__What you need to do__
Set down, exactly and with no pictures, the line that contains "[00:00:01.100]" and all lines after it in the listing.

....................

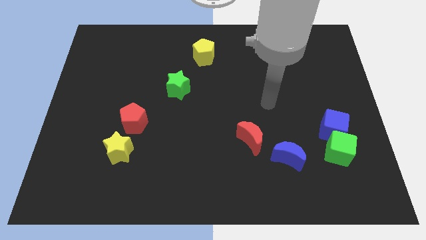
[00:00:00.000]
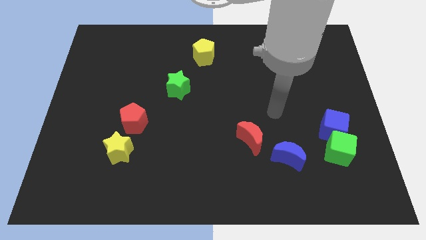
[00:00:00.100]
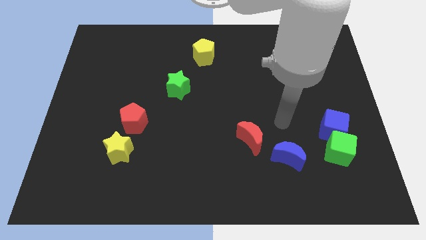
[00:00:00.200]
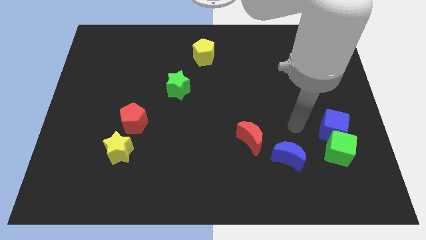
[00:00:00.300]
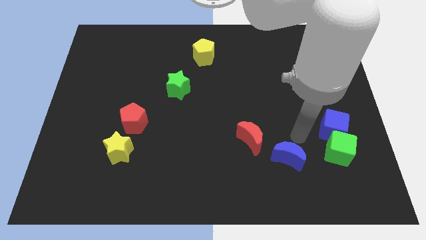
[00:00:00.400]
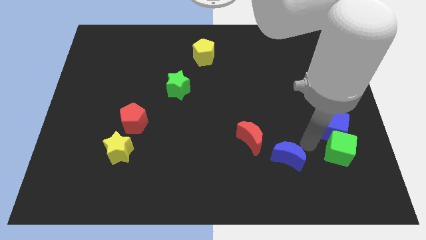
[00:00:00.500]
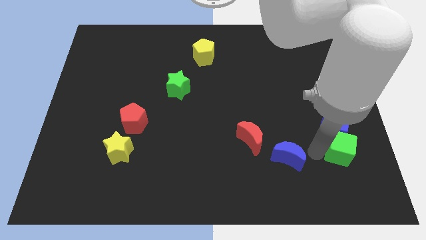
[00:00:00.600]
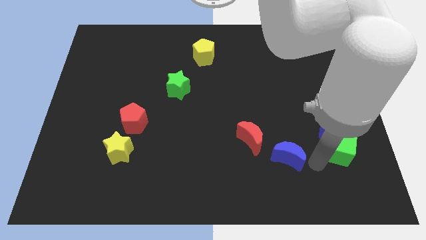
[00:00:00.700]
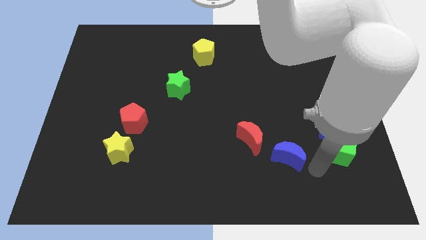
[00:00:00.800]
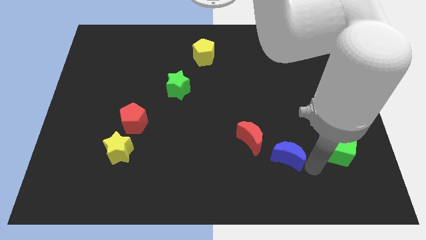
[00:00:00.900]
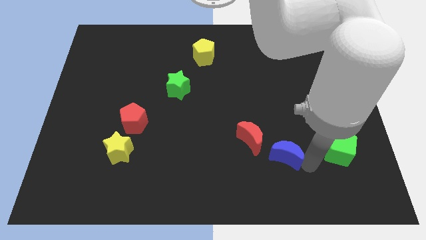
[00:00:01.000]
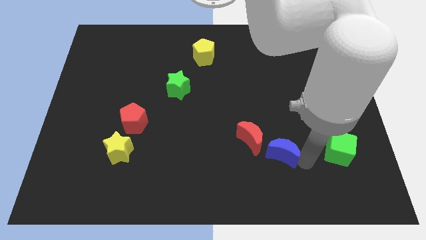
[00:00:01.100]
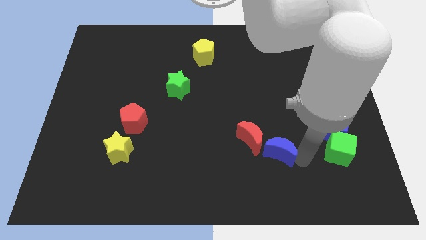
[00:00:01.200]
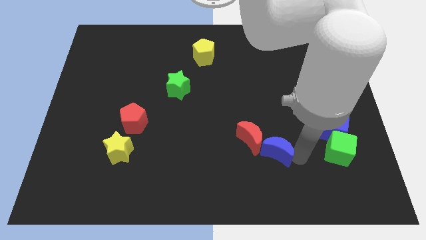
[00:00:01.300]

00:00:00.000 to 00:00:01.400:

....................

__Response area__
[00:00:01.100]
[00:00:01.200]
[00:00:01.300]

00:00:00.000 to 00:00:01.400:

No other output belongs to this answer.